Problem details
The answer must be a single number: how many lines of the entries below include "pattern".

Excerpts from a dataset
# # # # #

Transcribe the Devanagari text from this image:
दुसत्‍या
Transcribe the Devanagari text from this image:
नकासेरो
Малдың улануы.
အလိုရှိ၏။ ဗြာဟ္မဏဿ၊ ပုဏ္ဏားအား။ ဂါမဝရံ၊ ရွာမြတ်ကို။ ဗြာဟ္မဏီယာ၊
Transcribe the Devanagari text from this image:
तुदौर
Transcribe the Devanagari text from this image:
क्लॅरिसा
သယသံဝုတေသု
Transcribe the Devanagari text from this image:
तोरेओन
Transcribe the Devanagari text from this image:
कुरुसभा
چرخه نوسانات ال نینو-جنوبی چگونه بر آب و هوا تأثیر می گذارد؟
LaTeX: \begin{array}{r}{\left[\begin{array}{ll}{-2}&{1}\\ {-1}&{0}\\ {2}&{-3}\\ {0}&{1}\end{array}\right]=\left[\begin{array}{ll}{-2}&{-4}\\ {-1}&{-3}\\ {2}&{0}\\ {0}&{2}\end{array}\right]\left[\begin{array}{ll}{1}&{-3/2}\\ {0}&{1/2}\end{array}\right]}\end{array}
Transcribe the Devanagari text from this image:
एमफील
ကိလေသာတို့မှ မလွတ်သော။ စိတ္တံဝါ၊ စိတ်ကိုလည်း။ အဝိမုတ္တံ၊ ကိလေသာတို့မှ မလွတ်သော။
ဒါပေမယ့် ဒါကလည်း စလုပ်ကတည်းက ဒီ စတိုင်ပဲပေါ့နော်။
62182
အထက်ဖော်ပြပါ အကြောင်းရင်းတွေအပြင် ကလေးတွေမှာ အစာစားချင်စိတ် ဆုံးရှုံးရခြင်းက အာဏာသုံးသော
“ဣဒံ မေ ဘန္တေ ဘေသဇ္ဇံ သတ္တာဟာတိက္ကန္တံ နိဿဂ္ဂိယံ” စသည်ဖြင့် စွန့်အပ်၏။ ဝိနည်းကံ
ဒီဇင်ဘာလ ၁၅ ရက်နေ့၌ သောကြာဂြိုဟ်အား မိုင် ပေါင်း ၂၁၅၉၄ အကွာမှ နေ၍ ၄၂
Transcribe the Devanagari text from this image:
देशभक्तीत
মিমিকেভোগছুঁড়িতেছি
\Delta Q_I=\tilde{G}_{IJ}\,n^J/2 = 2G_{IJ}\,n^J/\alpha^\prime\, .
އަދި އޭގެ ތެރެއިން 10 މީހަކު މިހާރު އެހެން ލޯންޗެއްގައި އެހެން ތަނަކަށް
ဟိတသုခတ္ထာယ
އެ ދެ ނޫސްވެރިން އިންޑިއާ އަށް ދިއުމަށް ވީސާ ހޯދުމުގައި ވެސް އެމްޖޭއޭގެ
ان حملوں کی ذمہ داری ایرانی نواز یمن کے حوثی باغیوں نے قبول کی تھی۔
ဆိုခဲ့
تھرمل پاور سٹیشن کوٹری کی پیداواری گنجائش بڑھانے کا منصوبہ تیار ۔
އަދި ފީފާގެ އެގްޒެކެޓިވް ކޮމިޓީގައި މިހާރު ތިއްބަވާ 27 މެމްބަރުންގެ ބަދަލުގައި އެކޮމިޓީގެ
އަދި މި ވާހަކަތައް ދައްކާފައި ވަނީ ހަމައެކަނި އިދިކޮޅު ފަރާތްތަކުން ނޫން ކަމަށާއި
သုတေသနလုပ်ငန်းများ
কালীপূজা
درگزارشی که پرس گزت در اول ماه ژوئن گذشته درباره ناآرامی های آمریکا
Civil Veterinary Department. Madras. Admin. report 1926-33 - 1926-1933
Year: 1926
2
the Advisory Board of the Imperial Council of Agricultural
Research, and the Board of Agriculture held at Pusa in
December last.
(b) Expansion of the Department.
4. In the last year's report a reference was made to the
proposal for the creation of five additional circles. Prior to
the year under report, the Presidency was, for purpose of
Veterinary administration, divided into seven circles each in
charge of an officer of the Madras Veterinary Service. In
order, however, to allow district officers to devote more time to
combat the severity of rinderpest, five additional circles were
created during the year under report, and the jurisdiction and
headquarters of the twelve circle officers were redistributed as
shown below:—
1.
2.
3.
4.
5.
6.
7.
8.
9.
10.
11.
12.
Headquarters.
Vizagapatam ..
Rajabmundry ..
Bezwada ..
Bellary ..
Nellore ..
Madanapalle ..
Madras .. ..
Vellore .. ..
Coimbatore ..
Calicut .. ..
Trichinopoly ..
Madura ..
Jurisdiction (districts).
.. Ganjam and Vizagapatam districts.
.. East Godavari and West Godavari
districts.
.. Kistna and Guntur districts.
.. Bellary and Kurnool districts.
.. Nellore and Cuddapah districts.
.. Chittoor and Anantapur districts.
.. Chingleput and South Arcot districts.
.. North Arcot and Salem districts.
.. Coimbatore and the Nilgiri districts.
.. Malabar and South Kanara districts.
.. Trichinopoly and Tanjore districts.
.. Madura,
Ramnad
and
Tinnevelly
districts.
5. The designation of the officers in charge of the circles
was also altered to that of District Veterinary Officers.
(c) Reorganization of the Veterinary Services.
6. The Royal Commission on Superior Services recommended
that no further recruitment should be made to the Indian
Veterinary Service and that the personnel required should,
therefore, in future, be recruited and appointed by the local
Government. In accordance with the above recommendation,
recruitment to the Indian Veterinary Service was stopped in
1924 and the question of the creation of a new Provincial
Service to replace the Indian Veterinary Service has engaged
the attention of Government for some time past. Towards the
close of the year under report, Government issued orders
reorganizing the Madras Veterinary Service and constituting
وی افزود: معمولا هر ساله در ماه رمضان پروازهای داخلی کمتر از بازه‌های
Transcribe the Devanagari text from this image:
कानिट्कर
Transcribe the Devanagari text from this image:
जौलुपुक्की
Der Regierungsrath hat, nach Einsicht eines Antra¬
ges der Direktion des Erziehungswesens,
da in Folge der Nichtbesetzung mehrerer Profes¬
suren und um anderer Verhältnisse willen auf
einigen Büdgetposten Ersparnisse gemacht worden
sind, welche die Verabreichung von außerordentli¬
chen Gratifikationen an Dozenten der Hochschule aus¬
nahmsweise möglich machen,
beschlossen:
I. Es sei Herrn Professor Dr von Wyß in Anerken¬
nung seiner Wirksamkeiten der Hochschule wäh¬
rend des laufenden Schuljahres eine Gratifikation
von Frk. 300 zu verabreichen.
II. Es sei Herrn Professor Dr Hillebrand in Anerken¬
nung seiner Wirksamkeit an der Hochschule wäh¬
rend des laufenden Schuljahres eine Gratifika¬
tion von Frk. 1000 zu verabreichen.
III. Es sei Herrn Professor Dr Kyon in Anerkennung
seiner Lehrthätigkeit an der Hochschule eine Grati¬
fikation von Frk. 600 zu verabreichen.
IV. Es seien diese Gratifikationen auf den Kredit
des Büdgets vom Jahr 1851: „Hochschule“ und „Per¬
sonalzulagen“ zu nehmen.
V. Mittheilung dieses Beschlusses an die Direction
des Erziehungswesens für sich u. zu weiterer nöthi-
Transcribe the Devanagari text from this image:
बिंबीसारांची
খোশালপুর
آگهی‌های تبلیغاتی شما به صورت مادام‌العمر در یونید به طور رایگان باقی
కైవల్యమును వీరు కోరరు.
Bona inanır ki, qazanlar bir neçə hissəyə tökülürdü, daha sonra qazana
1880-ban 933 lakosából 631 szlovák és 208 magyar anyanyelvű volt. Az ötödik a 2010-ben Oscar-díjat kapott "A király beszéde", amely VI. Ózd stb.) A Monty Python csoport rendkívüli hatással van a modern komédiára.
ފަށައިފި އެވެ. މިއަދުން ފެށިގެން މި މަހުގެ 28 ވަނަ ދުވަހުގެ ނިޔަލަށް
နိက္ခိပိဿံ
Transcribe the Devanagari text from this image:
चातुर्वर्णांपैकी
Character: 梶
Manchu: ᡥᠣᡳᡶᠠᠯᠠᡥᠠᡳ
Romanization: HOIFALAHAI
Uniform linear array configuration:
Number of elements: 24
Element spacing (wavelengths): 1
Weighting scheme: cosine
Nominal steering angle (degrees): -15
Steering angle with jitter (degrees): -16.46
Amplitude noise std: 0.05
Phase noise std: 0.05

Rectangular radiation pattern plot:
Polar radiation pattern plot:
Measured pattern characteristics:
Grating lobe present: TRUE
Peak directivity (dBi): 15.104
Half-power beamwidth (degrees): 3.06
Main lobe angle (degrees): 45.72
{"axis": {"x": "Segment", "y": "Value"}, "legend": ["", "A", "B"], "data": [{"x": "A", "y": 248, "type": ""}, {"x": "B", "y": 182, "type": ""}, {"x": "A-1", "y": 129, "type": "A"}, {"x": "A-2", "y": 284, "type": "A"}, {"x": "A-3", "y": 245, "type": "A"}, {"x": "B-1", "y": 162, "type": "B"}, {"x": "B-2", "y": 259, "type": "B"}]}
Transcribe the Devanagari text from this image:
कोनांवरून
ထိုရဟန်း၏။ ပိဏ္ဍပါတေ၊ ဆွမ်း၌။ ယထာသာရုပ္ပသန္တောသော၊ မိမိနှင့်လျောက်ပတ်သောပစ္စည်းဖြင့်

# # # # #

Result below
3